Two days after delivering the manuscript of his next book for HarperCollins, Fear of Night and Darkness, Jan was involved in a motorway pile-up which ended his writing for a full eight years. As he had just been asked to do a block of eight episodes of The Bill, it was a financial disaster on top of everything else.
Interspersed with plays and thrillers and children’s literature throughout these years Jan also wrote a series of historical naval adventures featuring William Bentley. The first book was called A Fine Boy for Killing, and approached Britain’s naval history through a distorted lens. The glib idea of extraordinary heroism and honour is skewered comprehensively. Bentley starred in three more novels, and one day the story will be completed.

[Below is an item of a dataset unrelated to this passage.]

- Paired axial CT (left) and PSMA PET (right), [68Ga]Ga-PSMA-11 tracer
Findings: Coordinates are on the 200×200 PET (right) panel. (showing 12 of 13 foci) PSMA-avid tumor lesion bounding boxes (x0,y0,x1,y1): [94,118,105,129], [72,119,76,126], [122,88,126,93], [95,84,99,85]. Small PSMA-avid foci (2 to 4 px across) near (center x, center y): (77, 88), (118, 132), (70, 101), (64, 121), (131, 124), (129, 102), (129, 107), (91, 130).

Road accidents can have a debilitating effect on long sea journeys!
The latest sea books are two novellas, the second of which, Nelson: The Poisoned River starts a proposed series on the life of Nelson, the man who almost single-handedly originated the seagoing hero myth. The first book, The Devil’s Luck, also starts a series, which will eventually lead into the life of William Bentley.
As well as writing, sailing, travelling all over France and Germany, and playing a variety of musical instruments (most quite badly) Jan has also found time to produce five children. They range in age now from 38 to 22. Four boys and a girl called Sadie M’gee, (for which she has never forgiven him).
His parents are both dead, which is a great loss in terms of eccentricity if nothing else. His mother was the longtime cook for Portsmouth Water Company who said her greatest achievement was not her two children, but living with their father for so many years. Jim died at the age of 78 after abusing his body mercilessly on a diet of cakes and bummed cigarettes, both of which he apparently started using at the age of seven. He also smoked a pipe 24/7, sometimes using wood shavings instead of tobacco when he was skint. Which sadly, was very frequently.